Zu allererst erhält unser Held einen Brief von Prinzessin Peach, in welchem er von ihr zu einer besonderen Feier eingeladen wird. Es handelt sich nämlich um das „Sternenfest“, welches nur alle 100 Jahre im Pilzkönigreich stattfindet. Ein riesiger Komet fliegt an diesem Tag vorbei und lässt lauter Sterne und Sternenstaub auf die Erde fallen. Alle Bewohner feiern voller Freude und auch Mario schlendert fröhlich zur Party. Doch dann taucht sein finsterer Widersacher auf und man ahnt nur Böses: König Bowser ist zurück und er hat einen Plan, der schlimmer ist als je zuvor! Diesmal will er eine gewaltige Galaxie erschaffen, in der er zusammen mit Peach das Universum regieren will. Unser aktiver Klempner kann das natürlich nicht zulassen und versucht sich gegen den Feind zu stellen. Aber leider Gottes kann Mario ihm nicht das Wasser reichen, verliert sein Bewusstsein und fällt in die Tiefe.

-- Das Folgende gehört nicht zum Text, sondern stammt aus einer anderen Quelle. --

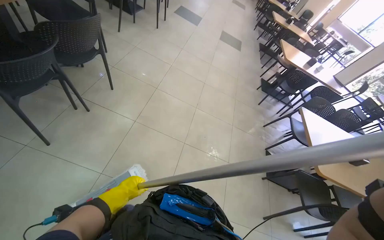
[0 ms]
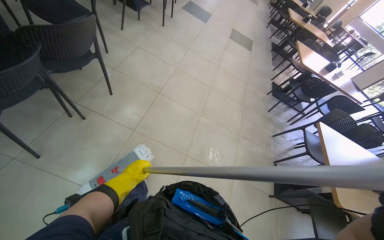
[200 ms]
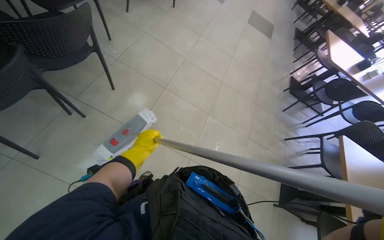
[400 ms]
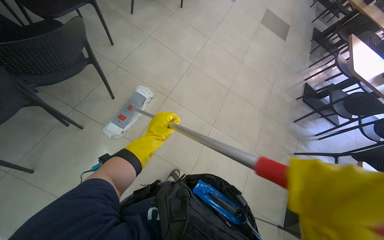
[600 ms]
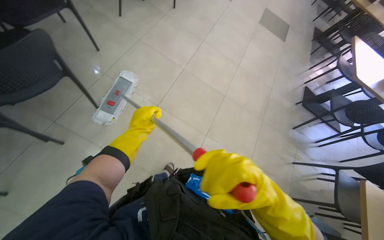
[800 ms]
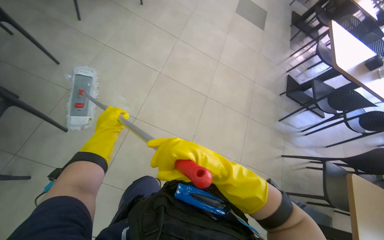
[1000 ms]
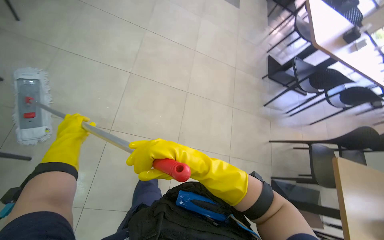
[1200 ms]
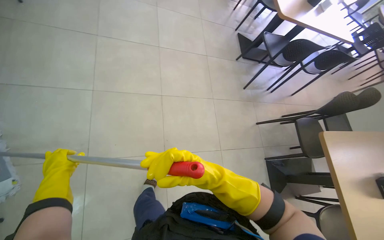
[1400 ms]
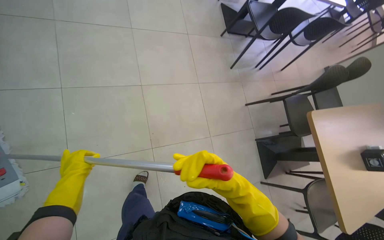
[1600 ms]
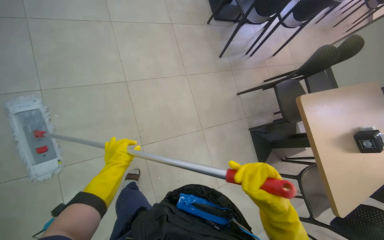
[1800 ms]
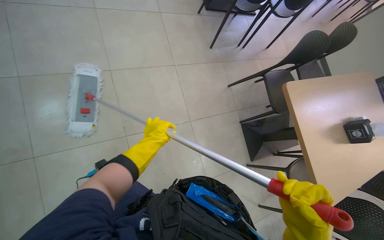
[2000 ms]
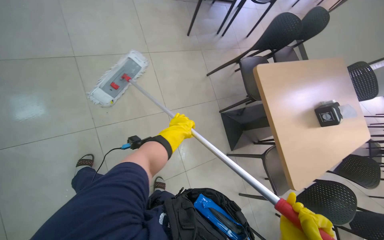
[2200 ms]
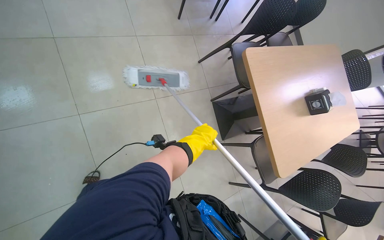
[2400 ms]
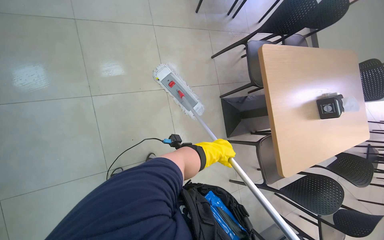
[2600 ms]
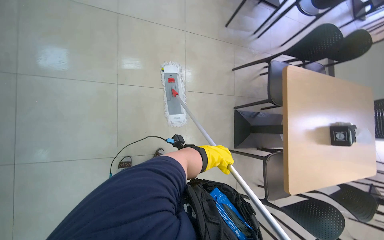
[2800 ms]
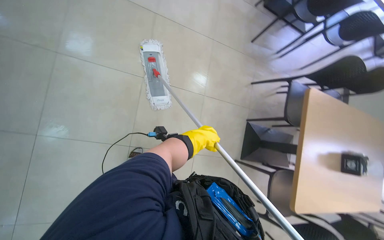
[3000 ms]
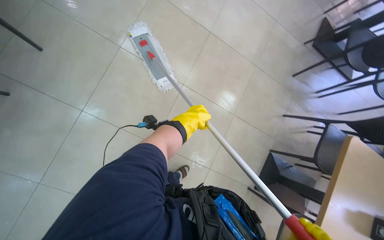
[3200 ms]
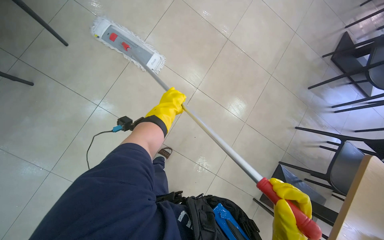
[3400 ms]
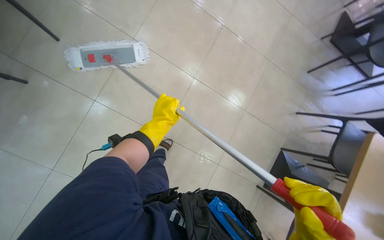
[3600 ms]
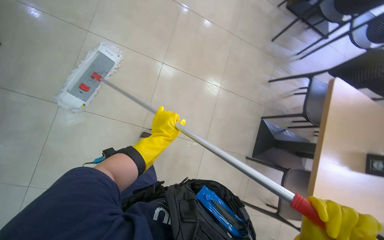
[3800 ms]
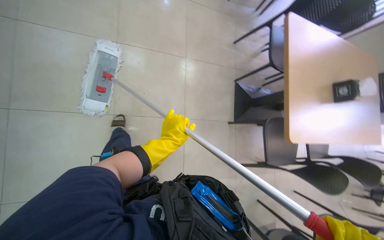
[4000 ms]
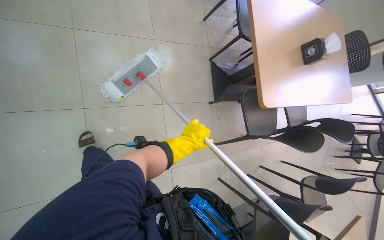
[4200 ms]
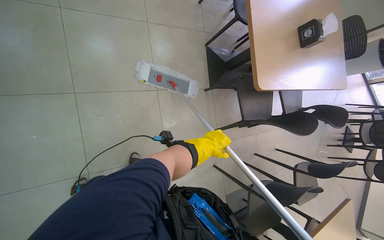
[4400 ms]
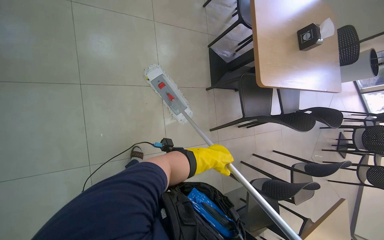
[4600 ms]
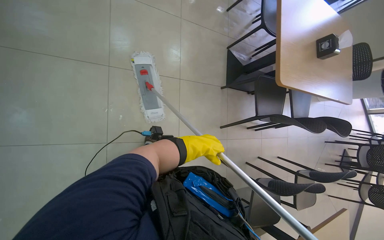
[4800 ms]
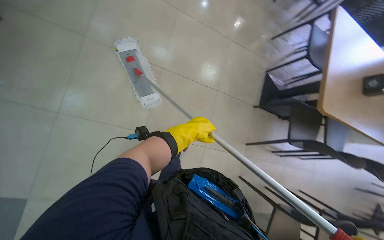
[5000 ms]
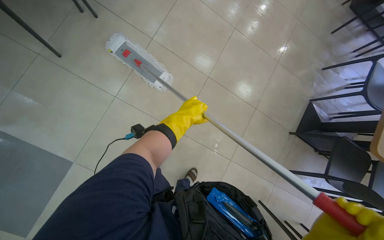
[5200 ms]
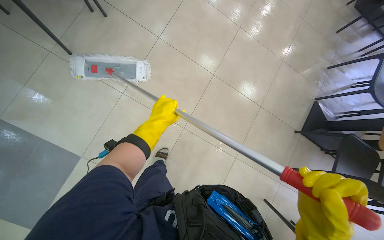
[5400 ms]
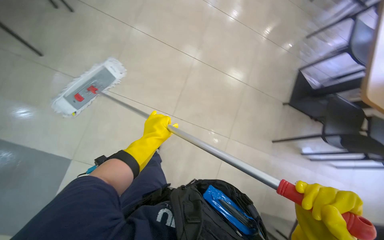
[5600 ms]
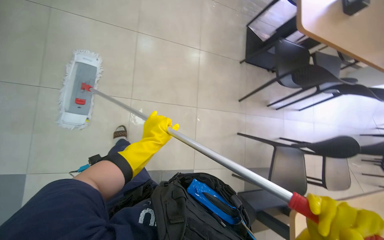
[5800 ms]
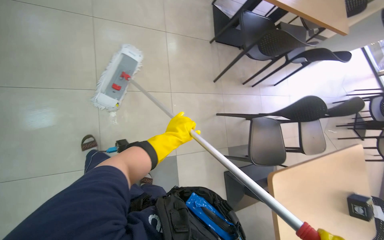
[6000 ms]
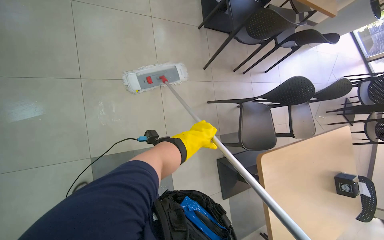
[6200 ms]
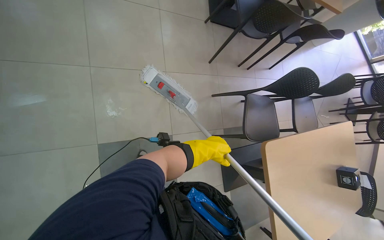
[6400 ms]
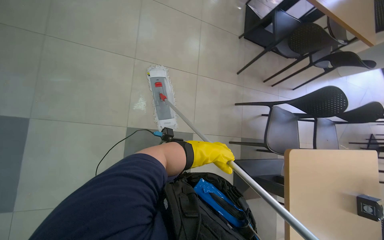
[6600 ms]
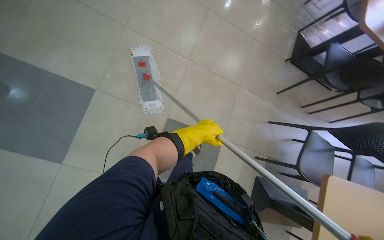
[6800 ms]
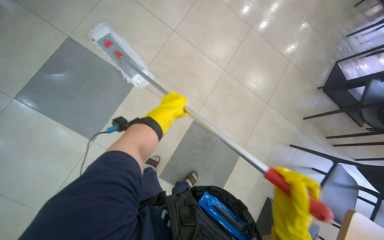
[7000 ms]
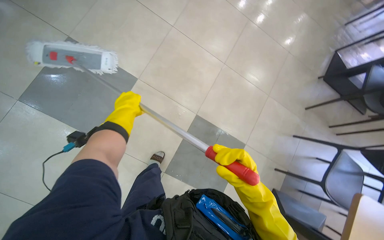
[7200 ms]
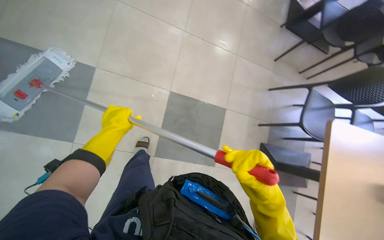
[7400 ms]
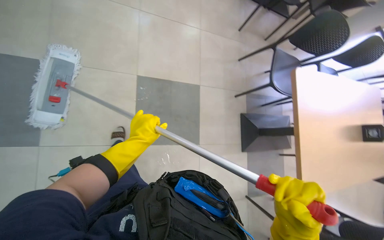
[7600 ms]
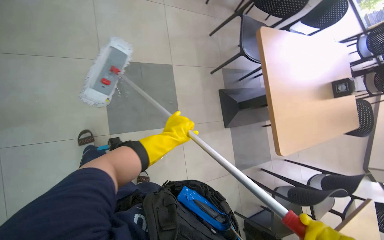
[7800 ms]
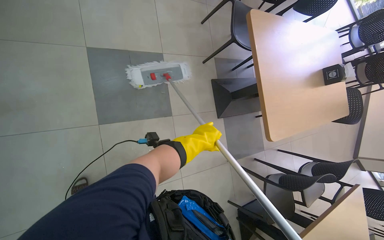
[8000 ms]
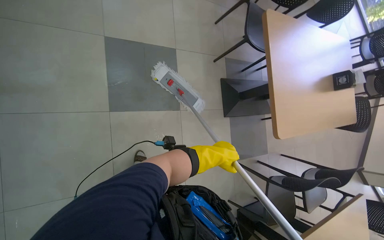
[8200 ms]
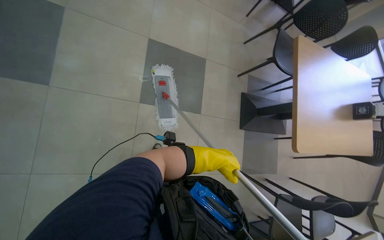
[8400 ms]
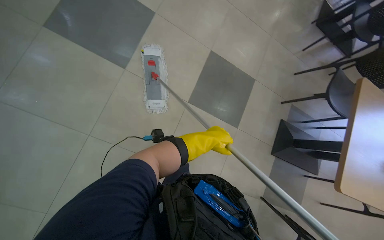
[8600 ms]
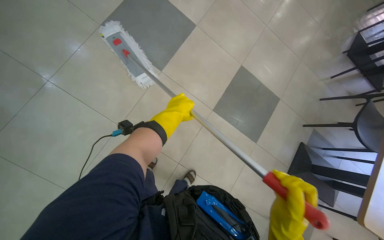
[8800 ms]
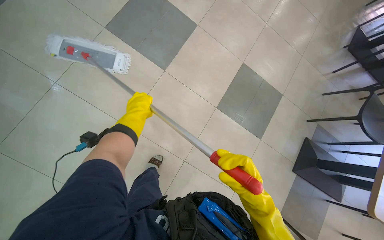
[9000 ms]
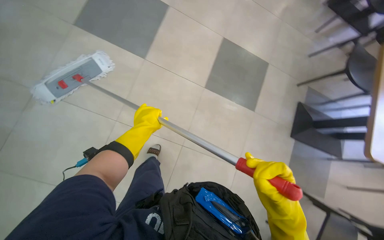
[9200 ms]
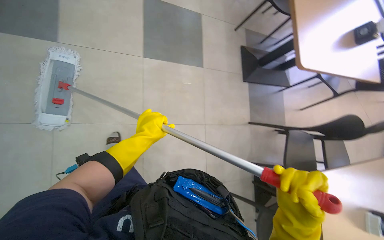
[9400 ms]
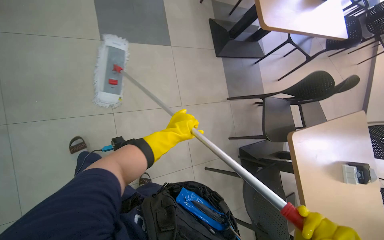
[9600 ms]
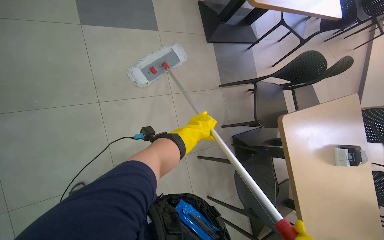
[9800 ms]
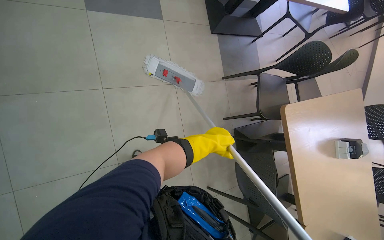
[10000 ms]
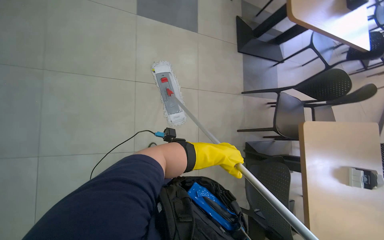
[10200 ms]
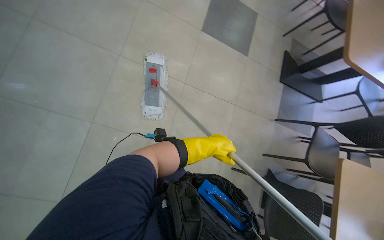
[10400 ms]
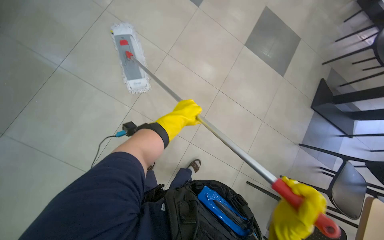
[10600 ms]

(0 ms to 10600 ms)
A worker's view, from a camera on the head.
Job: mopping floor.
The whole recording: Mopping cafeteria floor. The worker mops the tiled floor of the cafeteria.
0 ms - 1600 ms: The camera is carried roughly 1.5 m. The view tilts approximately 30 degrees downward. The scene rotates counterclockwise by roughly 25 degrees.
4600 ms - 6000 ms: The camera travels some 50 cm.
6000 ms - 7600 ms: The wearer moves approximately 50 cm.
7600 ms - 9000 ms: The head travels about 70 cm. The wearer looks some 40 degrees further to the left. The camera pitches upward, by roughly 15 degrees.
9000 ms - 10600 ms: The head travels some 70 cm. The head turns to the left by about 25 degrees.

Nach einigen ungewollten Schlafstunden trifft er auf Rosalina, die Wächterin der „Luma“. Das sind kleine Sternenwesen, die sich ab einem reifen Alter zu einem neuen Himmelskörper verwandeln. Später bittet Rosalina Mario die gefangenen Power-Sterne zu befreien und gibt ihm zu diesem Zweck einen Baby Luma. Mit diesem kann er fortan eine mächtige Drehattacke ausführen. Nun liegt es an dem kleinen pummeligen Männchen die gesamte Welt vor den Fängen des grimmigen Monsters zu retten….

 

 

Super Mario Galaxy besitzt keine besonders tolle Story, aber das braucht es auch nicht. Denn die Mario-Spiele begeistern uns durch deren geniale Gameplays und nicht durch tiefgründige Geschichten. Und zum Gameplay kommen wir jetzt:Zum ersten Mal in der langjährigen Super Mario-Historie ist man im schwerelosen Weltall – das heißt: Anti-Schwerkraft ist angesagt! Man rast, schwimmt, hüpft und fliegt in den zahlreichen Planeten und Galaxien. Davon gibt es große, kleine, runde und sogar viereckige; alle möglichen Formen und Flächen sind als unterhaltsame Levels im Spiel vorhanden. Kunstvolle Wälder, schaurige Geisterhäuser, prächtige Gewässer und viele weitere ansehnliche Umgebungen gibt es hier zu finden. Und wenn man ausversehen von der Klippe oder dem Rand eines Gebietes springt, landet man dank der Schwerelosigkeit wieder auf den Boden. Diese vollkommen frische Spielart ist wahrlich genial.

 

 

Aber denkt jetzt bloß nicht, dass das Game ziemlich durchschnittlich zu spielen ist. Denn auch der Schwierigkeitsgrad hat es total in sich. Die Levels können an so manchen Stellen knüppelhart sein. Aber irgendetwas fehlt doch noch an dieser Stelle? Na klar, die starken „Power-Ups“! Was wäre Super Mario ohne seine Power-Ups? Richtig bemerkt, ein hilfloser Mann. Deswegen haben sich die Entwickler zig neue Upgrades ausgedacht, mit denen ihr noch mehr Spaß beim Spielen habt. Der Bienen-Pilz ermöglicht Mario das Fliegen und das Klettern an Honigwaben; der Geist-Pilz verwandelt ihn zu einem Gespenst und folglich kann er durch Wände gleiten; der Feder-Pilz transformiert euch in eine Sprungfeder und hohe Sprünge sind künftig möglich; der Regenbogen-Stern verleiht ihm Unverwundbarkeit und mehr Schnelligkeit. Außerdem sind wieder zwei Klassiker dabei: Die Feuer- und die Eisblume.

 

 

Übrigens wurde auch der zweite Spieler mit einbezogen, denn dieser kann Gegner aufhalten, Hindernisse beseitigen und einiges mehr. Dies ist zwar für den ersten Player hilfreich, aber umso langweiliger für den Mitspieler. Trotzdem ist es eine ganz nette Idee, da es sich hier sowieso um ein Singleplayer-Game handelt.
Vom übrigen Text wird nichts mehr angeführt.